For new prices: Bigjimbo is of course available, but you could check the dealer's website (e.g. google Toyota dubai) or drivearabia. Remember that the prices are indicative and you could usually get some freebies or discounts over this. Fortuner "starts at AED 101K"
Toyota UAE

For leasing, I think it should be close to 3K p.m. at the min.


----------



## Roadworrier (Jul 3, 2012)

rsinner said:


> For new prices: Bigjimbo is of course available, but you could check the dealer's website (e.g. google Toyota dubai) or drivearabia. Remember that the prices are indicative and you could usually get some freebies or discounts over this. Fortuner "starts at AED 101K"
> Toyota UAE
> 
> For leasing, I think it should be close to 3K p.m. at the min.


Back in October Budget offered me a Fortuner at 3800/month for a 2 year lease, but it is way higher for a month to month.

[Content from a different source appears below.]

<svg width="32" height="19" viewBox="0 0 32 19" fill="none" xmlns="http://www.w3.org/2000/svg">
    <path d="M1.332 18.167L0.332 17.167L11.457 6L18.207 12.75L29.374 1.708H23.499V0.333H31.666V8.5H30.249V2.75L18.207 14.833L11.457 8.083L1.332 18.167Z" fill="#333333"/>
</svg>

But it is with the 2.7 litre 4, which is sluglike on highways. If you buy, go for the V6.


----------



## stuclark (Dec 23, 2012)

Thanks. Which is most preffered im the desert. I have heard the 2.7 is the better of the two.


----------



## Bigjimbo (Oct 28, 2010)

The 4.0 litre is the best of the two for the desert but the 2.7 is not too bad. 101k for the 2.7 and either 127,500 or 140,500 for the 4.0 litre

I can make it a lot cheaper then 3k a month!


----------